How the publisher of WatchTime sees the Apple Watch

With the launch of the Apple watch traditional watchmaking companies accept that they will be forced to respond. If this indeed is true no one knows today: A mechanical wristwatch is a personal statement and a long-lasting luxury good. An Apple Watch is a gadget, an electronic device. 

One thing is certain: in 12 months we will see the second generation, and in 18 months probably the third generation of the Apple Watch, with subsequent updates thereafter. A mechanical watch can be worn for decades or can even be passed on to our children and grandchildren. 

But the battle for the wrist could also become a zero sum game: once the Apple Watch has stopped the habit of wearing a mechanical watch, a substantial part of the millennial generation might be lost for the Swiss watch companies, maybe forever. 

Opportunities for media companies

While this disruption thus may hurt the watch companies it creates exciting new channels for media companies.

From our perspective (at Ebner and WatchTime) there will be a number of very interesting Apple Watch usage scenarios that should be evaluated immediately by publishers. 

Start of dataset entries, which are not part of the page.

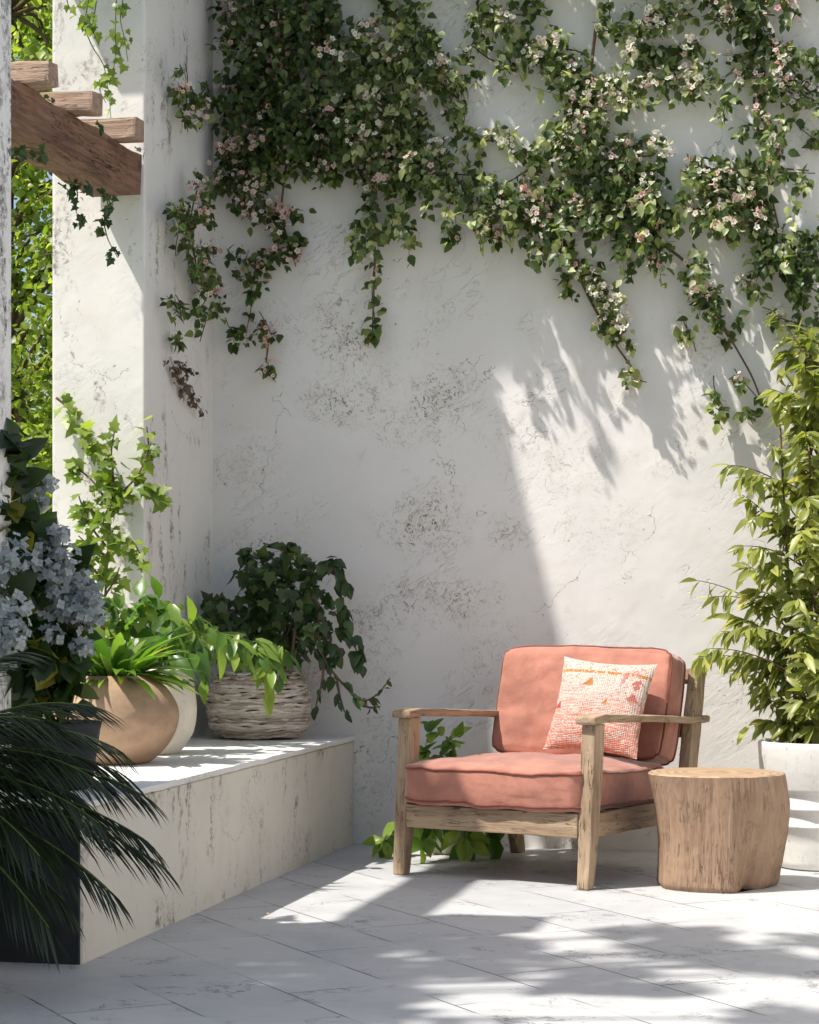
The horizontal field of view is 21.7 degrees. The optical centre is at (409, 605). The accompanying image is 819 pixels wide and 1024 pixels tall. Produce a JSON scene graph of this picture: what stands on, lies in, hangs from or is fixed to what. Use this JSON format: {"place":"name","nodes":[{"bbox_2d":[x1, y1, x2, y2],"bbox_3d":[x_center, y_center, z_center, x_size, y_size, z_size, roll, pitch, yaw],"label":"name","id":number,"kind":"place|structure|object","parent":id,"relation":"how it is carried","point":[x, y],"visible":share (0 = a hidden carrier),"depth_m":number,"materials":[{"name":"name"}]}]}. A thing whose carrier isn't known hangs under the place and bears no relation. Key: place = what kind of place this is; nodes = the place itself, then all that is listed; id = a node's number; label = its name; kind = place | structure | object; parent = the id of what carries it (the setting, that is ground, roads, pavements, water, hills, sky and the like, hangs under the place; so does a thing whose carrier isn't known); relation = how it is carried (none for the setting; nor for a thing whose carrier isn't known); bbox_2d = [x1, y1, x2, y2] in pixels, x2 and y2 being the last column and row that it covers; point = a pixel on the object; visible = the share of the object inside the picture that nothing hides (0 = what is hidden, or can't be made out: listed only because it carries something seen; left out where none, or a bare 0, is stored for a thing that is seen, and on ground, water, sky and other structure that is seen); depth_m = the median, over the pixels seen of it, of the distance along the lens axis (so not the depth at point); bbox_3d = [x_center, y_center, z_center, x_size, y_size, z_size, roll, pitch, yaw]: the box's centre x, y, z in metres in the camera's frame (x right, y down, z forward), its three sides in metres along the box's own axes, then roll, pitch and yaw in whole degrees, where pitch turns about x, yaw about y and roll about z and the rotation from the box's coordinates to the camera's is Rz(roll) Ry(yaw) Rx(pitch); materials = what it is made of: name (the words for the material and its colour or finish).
{"place":"outdoors","nodes":[
{"label":"outdoors","id":0,"kind":"place"},
{"bbox_2d":[14,24,52,493],"label":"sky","id":1,"kind":"structure","parent":0,"point":[50,177],"materials":[{"name":"green plant"}]},
{"bbox_2d":[0,843,818,1023],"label":"paving","id":2,"kind":"structure","parent":0,"point":[636,943],"depth_m":6.10,"materials":[{"name":"stone"}]},
{"bbox_2d":[0,0,10,794],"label":"wall pier","id":3,"kind":"structure","parent":2,"relation":"on","point":[5,212],"depth_m":6.14,"materials":[{"name":"paint"}]},
{"bbox_2d":[53,0,212,737],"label":"wall pier","id":4,"kind":"structure","parent":2,"relation":"on","point":[114,328],"depth_m":8.36,"materials":[{"name":"paint"}]},
{"bbox_2d":[11,60,144,197],"bbox_3d":[-1.461,-1.710,6.911,0.405,0.250,2.854,0,0,13],"label":"pergola","id":5,"kind":"object","parent":4,"relation":"attached to","point":[80,150],"visible":0.89,"depth_m":7.58,"materials":[{"name":"brown wood"}]},
{"bbox_2d":[11,94,144,266],"bbox_3d":[-1.177,-1.522,7.600,0.145,0.522,1.131,0,0,10],"label":"climbing vine","id":6,"kind":"object","parent":5,"relation":"hanging from","point":[23,152],"visible":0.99,"depth_m":7.63,"materials":[{"name":"green plant"}]},
{"bbox_2d":[63,0,132,116],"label":"hanging ivy","id":7,"kind":"object","parent":4,"relation":"attached to","point":[85,25],"visible":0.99,"depth_m":8.08,"materials":[{"name":"green plant"}]},
{"bbox_2d":[53,391,171,636],"bbox_3d":[-1.146,-0.250,8.190,0.540,1.181,0.268,0,0,13],"label":"climbing shrub","id":8,"kind":"object","parent":4,"relation":"attached to","point":[109,499],"visible":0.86,"depth_m":8.18,"materials":[{"name":"green plant"}]},
{"bbox_2d":[163,356,207,416],"bbox_3d":[-0.907,-0.888,8.672,0.091,0.213,0.420,0,0,13],"label":"dry vine shoot","id":9,"kind":"object","parent":4,"relation":"attached to","point":[187,388],"visible":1,"depth_m":8.65,"materials":[{"name":"brown plant"}]},
{"bbox_2d":[0,734,355,964],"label":"masonry bench","id":10,"kind":"object","parent":2,"relation":"on","point":[244,816],"visible":0.72,"depth_m":7.10,"materials":[{"name":"paint"}]},
{"bbox_2d":[11,719,101,790],"bbox_3d":[-1.065,0.447,6.376,0.290,0.200,0.290,0,0,13],"label":"plain pot","id":11,"kind":"object","parent":10,"relation":"on","point":[93,731],"visible":0.24,"depth_m":6.28,"materials":[{"name":"stone"}]},
{"bbox_2d":[0,417,110,723],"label":"hydrangea bush","id":12,"kind":"object","parent":11,"relation":"on","point":[54,608],"visible":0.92,"depth_m":6.20,"materials":[{"name":"blue plant"}]},
{"bbox_2d":[52,675,178,764],"bbox_3d":[-1.024,0.394,7.422,0.454,0.306,0.448,0,0,13],"label":"clay pot","id":13,"kind":"object","parent":10,"relation":"on","point":[147,732],"visible":0.6,"depth_m":7.26,"materials":[{"name":"ceramic"}]},
{"bbox_2d":[86,577,202,699],"bbox_3d":[-1.017,0.120,7.421,0.684,0.444,0.678,0,0,13],"label":"strap leaf plant","id":14,"kind":"object","parent":13,"relation":"in","point":[116,655],"visible":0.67,"depth_m":7.43,"materials":[{"name":"green plant"}]},
{"bbox_2d":[147,669,196,754],"bbox_3d":[-0.945,0.389,7.896,0.312,0.316,0.314,0,0,13],"label":"glazed pot","id":15,"kind":"object","parent":10,"relation":"on","point":[186,702],"visible":0.26,"depth_m":7.81,"materials":[{"name":"beige ceramic"}]},
{"bbox_2d":[130,576,302,717],"bbox_3d":[-0.811,0.161,8.013,0.566,0.548,0.763,0,0,22],"label":"drooping leaf plant","id":16,"kind":"object","parent":15,"relation":"in","point":[261,659],"visible":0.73,"depth_m":7.92,"materials":[{"name":"green plant"}]},
{"bbox_2d":[206,670,311,739],"bbox_3d":[-0.621,0.403,8.798,0.439,0.279,0.439,0,0,13],"label":"woven basket","id":17,"kind":"object","parent":10,"relation":"on","point":[235,709],"visible":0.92,"depth_m":8.63,"materials":[{"name":"wicker"}]},
{"bbox_2d":[200,542,391,722],"bbox_3d":[-0.481,0.105,8.713,0.855,0.740,0.409,0,0,13],"label":"potted ivy","id":18,"kind":"object","parent":17,"relation":"in","point":[262,598],"visible":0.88,"depth_m":8.66,"materials":[{"name":"green plant"}]},
{"bbox_2d":[433,831,463,854],"bbox_3d":[0.150,0.947,8.620,0.164,0.105,0.164,0,0,13],"label":"pot","id":19,"kind":"object","parent":2,"relation":"on","point":[447,851],"visible":0.16,"depth_m":8.56,"materials":[{"name":"ceramic"}]},
{"bbox_2d":[362,718,504,863],"bbox_3d":[0.120,0.752,8.461,0.576,0.607,0.375,0,0,-15],"label":"leafy plant","id":20,"kind":"object","parent":19,"relation":"in","point":[466,848],"visible":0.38,"depth_m":8.43,"materials":[{"name":"green plant"}]},
{"bbox_2d":[392,645,709,889],"bbox_3d":[0.546,0.576,8.114,0.860,0.847,1.008,0,0,33],"label":"armchair","id":21,"kind":"object","parent":2,"relation":"on","point":[520,785],"visible":0.96,"depth_m":7.89,"materials":[{"name":"pink fabric"}]},
{"bbox_2d":[543,656,657,758],"bbox_3d":[0.721,0.383,8.081,0.390,0.380,0.126,4,-20,29],"label":"throw pillow","id":22,"kind":"object","parent":21,"relation":"on","point":[587,687],"visible":0.86,"depth_m":8.04,"materials":[{"name":"fabric"}]},
{"bbox_2d":[648,767,789,892],"bbox_3d":[1.104,0.795,7.615,0.508,0.407,0.452,0,0,0],"label":"stump table","id":23,"kind":"object","parent":2,"relation":"on","point":[722,830],"visible":1,"depth_m":7.45,"materials":[{"name":"brown wood"}]},
{"bbox_2d":[758,738,818,870],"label":"white planter","id":24,"kind":"object","parent":2,"relation":"on","point":[797,765],"visible":0.59,"depth_m":8.00,"materials":[{"name":"ceramic"}]},
{"bbox_2d":[680,311,818,744],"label":"potted shrub","id":25,"kind":"object","parent":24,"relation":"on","point":[798,675],"visible":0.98,"depth_m":8.10,"materials":[{"name":"green plant"}]},
{"bbox_3d":[-1.338,0.849,5.474,0.320,0.300,0.320,0,0,13],"label":"palm pot","id":26,"kind":"object","parent":2,"relation":"on","visible":0},
{"bbox_2d":[0,652,183,973],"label":"palm","id":27,"kind":"object","parent":26,"relation":"in","point":[70,803],"visible":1,"depth_m":5.41,"materials":[{"name":"green plant"}]},
{"label":"ground","id":28,"kind":"structure","parent":0,"visible":0},
{"bbox_2d":[11,0,52,715],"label":"garden tree","id":29,"kind":"object","parent":28,"relation":"on","point":[29,179],"visible":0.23,"depth_m":11.19,"materials":[{"name":"green plant"}]},
{"bbox_2d":[14,0,52,498],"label":"garden tree","id":30,"kind":"object","parent":28,"relation":"on","point":[35,22],"depth_m":13.68,"materials":[{"name":"green plant"}]},
{"bbox_2d":[213,0,818,850],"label":"garden wall","id":31,"kind":"structure","parent":28,"relation":"on","point":[471,468],"depth_m":8.86,"materials":[{"name":"paint"}]},
{"bbox_2d":[160,0,818,434],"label":"climbing vine","id":32,"kind":"object","parent":31,"relation":"attached to","point":[348,132],"visible":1,"depth_m":8.69,"materials":[{"name":"green plant"}]}
]}

For example, at Ebner we offer magazines and websites for firefighters and medical staff, among many other niches. For such groups Apple Watch apps of interest would be: real-time access to medical data, portable lexicons as well as features to seamlessly connect with other medical staff that too is equipped with the Apple Watch. It is not illusionary to assume that content displayed on the Apple Watch integrates directly into the workflow of our target groups and supports their daily work routines.

From a strategic management perspective the Apple Watch is yet another outlet for our content, marketing updates and push notifications, especially now that messaging services like WhatsApp, Snapchat and Weibo are increasingly popular with audiences around the world. 

Not only to push content, but create content too

The Apple Watch is the perfect device for short news, short videos or podcasts. And there will be unprecedented opportunities as well that might finally break the obstacles of connecting the many screens and devices we use nowadays: let’s say our music magazine readers go to a live concert, and then let their Apple Watches record heartbeat and blood pressure. 

The readers could share some data with our editors who would then be able to incorporate that data in their articles or top 10 lists – the top 10 rock songs that make your heart beat faster, smooth jazz songs that decrease your blood pressure, and so forth. 

Suddenly, editorial content gets an entirely new dimension, it gets more personal than ever before. 

The zero sum game for the wrist becomes a sum+ game for interpersonal media. Of course publishers will have to understand that it is not enough to replicate old habits with new devices. The lost publishing battles in the digital age (e.g. paid content) indicate that the magazine media industry should probably react much faster to emerging trends.

While this disruption caused by the Apple watch might hurt the traditional watch companies, I believe we, as media companies, will benefit from a landscape of connected personal devices that create and spread rich personal content tightly aligned with our services.